Records excerpted from a collection
****************************************

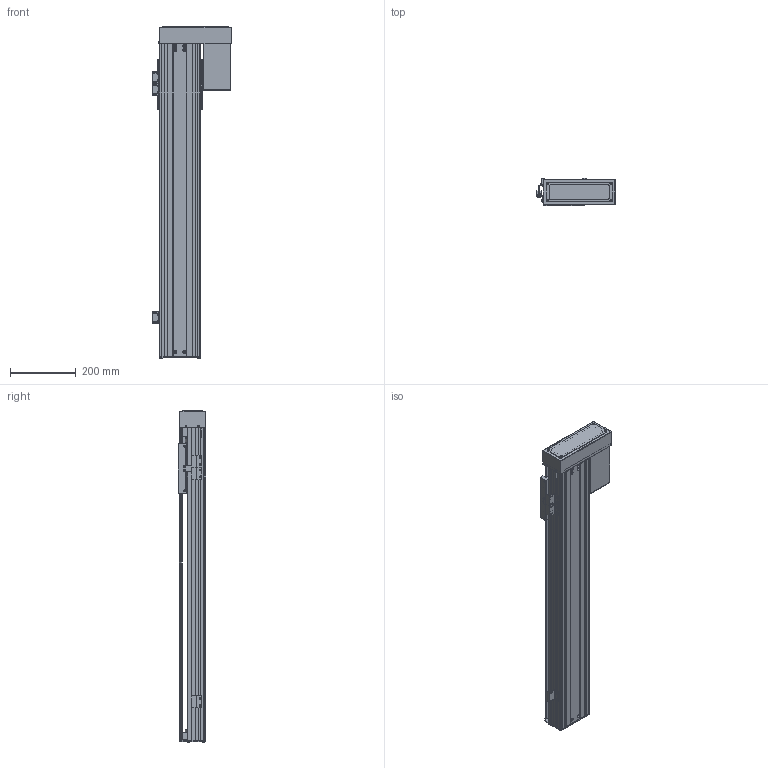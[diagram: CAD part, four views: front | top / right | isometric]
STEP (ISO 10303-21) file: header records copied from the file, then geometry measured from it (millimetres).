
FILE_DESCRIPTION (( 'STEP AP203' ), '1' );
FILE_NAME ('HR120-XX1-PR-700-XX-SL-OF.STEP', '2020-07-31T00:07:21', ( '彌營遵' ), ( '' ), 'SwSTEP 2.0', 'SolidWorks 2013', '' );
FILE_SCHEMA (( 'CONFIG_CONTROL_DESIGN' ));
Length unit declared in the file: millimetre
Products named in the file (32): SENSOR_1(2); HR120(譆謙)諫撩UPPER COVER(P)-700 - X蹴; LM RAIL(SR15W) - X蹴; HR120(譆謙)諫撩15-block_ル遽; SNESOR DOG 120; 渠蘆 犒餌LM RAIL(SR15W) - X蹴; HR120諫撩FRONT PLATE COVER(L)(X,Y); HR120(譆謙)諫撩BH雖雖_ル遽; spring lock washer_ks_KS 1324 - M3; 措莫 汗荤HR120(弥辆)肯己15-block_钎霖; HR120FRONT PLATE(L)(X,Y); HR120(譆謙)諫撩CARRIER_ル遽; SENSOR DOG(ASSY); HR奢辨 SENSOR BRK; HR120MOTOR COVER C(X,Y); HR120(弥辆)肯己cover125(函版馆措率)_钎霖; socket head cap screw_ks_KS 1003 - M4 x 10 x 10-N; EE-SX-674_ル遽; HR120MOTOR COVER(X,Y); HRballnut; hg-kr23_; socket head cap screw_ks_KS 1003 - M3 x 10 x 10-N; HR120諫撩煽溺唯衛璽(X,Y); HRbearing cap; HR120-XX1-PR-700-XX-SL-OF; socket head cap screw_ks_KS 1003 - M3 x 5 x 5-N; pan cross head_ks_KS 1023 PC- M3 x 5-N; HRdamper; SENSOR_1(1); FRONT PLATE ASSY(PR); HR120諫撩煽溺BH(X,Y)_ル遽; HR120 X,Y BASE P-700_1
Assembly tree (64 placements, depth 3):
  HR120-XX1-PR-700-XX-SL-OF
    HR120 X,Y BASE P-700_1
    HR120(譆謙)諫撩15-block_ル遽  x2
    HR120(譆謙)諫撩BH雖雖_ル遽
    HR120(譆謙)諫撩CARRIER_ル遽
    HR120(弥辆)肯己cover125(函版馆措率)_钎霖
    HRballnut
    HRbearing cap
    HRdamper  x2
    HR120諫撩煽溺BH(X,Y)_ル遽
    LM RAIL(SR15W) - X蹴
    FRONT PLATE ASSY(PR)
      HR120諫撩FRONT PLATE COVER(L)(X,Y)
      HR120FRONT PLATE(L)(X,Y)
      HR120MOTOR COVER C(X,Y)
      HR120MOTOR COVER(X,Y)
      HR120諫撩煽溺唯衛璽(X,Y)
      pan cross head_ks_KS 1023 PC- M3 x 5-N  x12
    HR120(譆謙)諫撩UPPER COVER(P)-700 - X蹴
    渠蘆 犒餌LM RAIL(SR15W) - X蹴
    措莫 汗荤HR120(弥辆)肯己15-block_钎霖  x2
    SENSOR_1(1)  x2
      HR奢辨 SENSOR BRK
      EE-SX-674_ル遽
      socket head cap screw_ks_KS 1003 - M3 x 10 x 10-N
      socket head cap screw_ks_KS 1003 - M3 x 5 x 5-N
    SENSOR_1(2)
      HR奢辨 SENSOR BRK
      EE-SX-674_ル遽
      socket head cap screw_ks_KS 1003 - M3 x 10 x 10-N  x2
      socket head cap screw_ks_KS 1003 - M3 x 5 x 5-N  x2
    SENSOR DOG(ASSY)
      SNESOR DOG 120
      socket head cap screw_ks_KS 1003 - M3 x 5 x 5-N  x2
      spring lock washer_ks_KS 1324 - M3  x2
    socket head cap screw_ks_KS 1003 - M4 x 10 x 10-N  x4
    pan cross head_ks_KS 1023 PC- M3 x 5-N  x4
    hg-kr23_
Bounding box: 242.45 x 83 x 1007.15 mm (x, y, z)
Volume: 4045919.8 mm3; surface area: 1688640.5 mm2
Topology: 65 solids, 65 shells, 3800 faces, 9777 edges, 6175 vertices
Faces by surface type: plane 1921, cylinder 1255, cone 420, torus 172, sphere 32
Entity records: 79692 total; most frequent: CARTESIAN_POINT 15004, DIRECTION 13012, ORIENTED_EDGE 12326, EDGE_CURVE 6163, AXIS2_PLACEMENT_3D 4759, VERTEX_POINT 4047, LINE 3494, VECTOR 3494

****************************************

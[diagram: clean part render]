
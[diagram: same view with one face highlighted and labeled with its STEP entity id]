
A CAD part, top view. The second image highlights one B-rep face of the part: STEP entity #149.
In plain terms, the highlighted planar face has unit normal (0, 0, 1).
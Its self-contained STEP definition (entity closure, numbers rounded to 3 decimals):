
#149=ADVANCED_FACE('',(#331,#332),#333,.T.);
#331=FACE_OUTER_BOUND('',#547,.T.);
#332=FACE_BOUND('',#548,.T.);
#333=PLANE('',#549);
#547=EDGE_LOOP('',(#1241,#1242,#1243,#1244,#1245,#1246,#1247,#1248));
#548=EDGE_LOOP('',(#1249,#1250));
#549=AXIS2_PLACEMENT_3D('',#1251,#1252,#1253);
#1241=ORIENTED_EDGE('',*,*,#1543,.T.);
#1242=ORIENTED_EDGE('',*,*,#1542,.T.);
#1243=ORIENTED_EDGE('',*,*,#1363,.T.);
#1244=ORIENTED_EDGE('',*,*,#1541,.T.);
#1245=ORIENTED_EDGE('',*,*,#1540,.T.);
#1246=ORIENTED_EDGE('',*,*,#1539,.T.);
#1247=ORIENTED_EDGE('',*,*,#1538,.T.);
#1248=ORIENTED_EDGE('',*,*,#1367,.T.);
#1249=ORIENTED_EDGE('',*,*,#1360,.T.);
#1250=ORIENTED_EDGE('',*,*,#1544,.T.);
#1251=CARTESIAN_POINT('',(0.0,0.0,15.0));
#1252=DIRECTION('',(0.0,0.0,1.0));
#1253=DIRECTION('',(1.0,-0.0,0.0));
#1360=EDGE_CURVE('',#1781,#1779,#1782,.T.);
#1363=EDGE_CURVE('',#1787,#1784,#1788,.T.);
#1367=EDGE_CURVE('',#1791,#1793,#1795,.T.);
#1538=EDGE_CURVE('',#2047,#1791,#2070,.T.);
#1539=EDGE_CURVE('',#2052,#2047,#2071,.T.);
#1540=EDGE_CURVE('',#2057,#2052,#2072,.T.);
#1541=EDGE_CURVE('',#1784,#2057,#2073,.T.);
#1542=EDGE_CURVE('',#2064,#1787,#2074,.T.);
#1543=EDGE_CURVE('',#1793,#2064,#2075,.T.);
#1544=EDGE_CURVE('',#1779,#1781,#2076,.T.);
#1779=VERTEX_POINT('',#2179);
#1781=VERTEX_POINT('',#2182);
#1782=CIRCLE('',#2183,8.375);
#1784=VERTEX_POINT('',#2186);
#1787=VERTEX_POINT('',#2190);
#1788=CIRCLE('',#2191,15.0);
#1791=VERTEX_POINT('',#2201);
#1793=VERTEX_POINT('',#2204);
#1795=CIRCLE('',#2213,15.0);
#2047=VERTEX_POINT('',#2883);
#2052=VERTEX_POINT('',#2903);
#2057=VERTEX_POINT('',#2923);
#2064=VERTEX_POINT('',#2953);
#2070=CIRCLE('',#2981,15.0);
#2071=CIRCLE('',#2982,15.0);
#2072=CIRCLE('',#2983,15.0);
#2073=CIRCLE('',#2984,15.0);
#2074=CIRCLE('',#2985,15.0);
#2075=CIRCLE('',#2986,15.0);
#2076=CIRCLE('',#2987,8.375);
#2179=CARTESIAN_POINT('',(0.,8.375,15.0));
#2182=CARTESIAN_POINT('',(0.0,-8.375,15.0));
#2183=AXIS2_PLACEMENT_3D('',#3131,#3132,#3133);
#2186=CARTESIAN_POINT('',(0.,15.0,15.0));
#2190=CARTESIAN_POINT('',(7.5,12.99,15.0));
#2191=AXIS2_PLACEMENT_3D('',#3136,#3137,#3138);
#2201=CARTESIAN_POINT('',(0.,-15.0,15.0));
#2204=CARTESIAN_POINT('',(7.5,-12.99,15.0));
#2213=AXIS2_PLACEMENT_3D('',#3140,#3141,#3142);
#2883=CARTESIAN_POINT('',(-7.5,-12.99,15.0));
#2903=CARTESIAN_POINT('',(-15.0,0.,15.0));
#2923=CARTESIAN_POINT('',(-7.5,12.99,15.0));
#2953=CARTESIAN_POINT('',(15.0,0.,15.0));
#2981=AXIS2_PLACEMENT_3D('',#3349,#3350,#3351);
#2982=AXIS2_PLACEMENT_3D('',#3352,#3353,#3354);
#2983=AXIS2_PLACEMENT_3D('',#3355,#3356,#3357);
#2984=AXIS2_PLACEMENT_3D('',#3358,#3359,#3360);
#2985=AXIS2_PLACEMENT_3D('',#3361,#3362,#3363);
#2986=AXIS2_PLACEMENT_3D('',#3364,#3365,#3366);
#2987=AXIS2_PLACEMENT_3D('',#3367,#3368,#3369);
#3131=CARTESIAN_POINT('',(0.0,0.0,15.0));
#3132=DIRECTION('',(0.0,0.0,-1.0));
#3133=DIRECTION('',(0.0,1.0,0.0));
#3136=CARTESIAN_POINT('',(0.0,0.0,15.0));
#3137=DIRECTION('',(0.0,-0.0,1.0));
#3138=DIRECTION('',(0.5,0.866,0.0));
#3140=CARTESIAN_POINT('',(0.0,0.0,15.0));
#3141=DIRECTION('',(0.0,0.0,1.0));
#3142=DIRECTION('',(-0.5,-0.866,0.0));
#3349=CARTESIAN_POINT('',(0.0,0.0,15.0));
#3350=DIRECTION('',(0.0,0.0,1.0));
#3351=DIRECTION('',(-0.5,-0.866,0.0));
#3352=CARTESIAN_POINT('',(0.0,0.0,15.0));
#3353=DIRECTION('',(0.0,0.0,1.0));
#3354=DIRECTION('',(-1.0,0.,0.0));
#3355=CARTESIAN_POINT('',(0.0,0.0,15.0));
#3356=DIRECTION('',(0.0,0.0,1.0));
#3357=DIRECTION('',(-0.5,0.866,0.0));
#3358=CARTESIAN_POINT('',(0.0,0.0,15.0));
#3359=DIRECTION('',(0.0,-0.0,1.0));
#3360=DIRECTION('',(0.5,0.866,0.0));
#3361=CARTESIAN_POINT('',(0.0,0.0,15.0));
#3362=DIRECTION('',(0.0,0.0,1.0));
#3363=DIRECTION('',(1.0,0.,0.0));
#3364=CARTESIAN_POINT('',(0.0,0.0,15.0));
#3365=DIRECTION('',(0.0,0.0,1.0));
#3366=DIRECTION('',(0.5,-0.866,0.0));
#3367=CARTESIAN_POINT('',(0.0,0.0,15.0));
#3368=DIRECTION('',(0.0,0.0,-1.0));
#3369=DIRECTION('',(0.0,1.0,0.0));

****************************************

Print, without alteration, only the lines above between the one holding "#2201=CARTESIAN_POINT('',(0.,-15.0,15.0));" and the one holding "#2985=AXIS2_PLACEMENT_3D('',#3361,#3362,#3363);", inclusive.

» The completed task:
#2201=CARTESIAN_POINT('',(0.,-15.0,15.0));
#2204=CARTESIAN_POINT('',(7.5,-12.99,15.0));
#2213=AXIS2_PLACEMENT_3D('',#3140,#3141,#3142);
#2883=CARTESIAN_POINT('',(-7.5,-12.99,15.0));
#2903=CARTESIAN_POINT('',(-15.0,0.,15.0));
#2923=CARTESIAN_POINT('',(-7.5,12.99,15.0));
#2953=CARTESIAN_POINT('',(15.0,0.,15.0));
#2981=AXIS2_PLACEMENT_3D('',#3349,#3350,#3351);
#2982=AXIS2_PLACEMENT_3D('',#3352,#3353,#3354);
#2983=AXIS2_PLACEMENT_3D('',#3355,#3356,#3357);
#2984=AXIS2_PLACEMENT_3D('',#3358,#3359,#3360);
#2985=AXIS2_PLACEMENT_3D('',#3361,#3362,#3363);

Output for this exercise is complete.